Johnny, apparently in agreement with his father, decided initially to pursue a career in chemical engineering. As he didn’t have any knowledge of chemistry, it was arranged that he could take a two-year non-degree course in chemistry at the University of Berlin. He did, from 1921 to 1923, afterwards sitting for and passing the entrance exam to the prestigious ETH Zurich. Still interested in pursuing mathematics, he also simultaneously entered University Pázmány Péter (now Eötvös Loránd University) in Budapest as a Ph.D. candidate in mathematics. His Ph.D. thesis, officially written under the supervision of Fejér, regarded the axiomatization of Cantor’s set theory. As he was officially in Berlin studying chemistry, he completed his Ph.D. largely in absentia, only appearing at the University in Budapest at the end of each term for exams.
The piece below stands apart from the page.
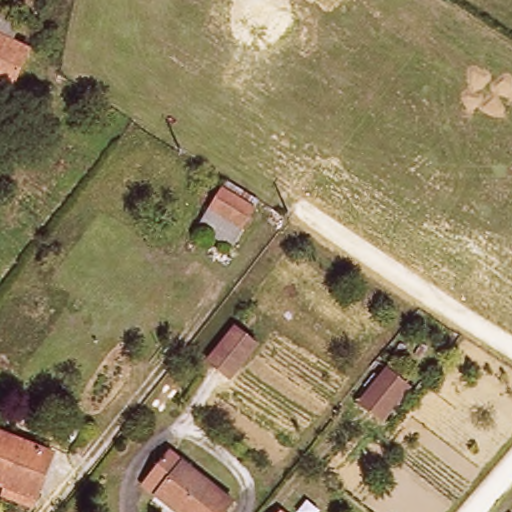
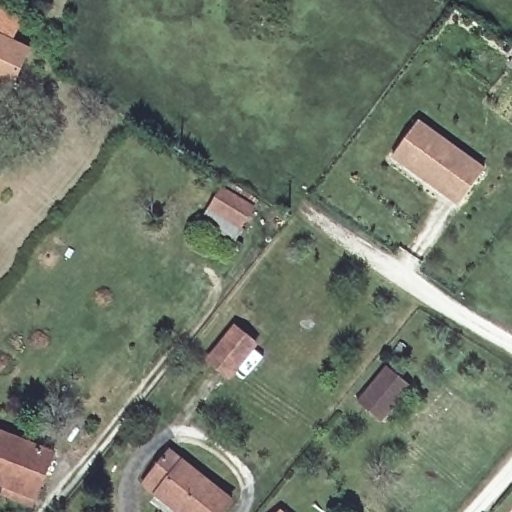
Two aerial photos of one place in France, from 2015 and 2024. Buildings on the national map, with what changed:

While in Berlin, he collaborated with Erhard Schmidt on set theory and also attended courses in physics, including statistical mechanics taught by Albert Einstein. At ETH, starting in 1923, he continued both his studies in chemistry and his research in mathematics.
“Evidently, a Ph.D. thesis and examinations did not constitute an appreciable effort” — Eugene Wigner
In mathematics, he first studied Hilbert’s theory of consistency with German mathematician Hermann Weyl. He eventually graduated both as a chemical engineer from ETH and with Ph.D. in mathematics, summa cum laude from the University of Budapest in 1926 at 24 years old.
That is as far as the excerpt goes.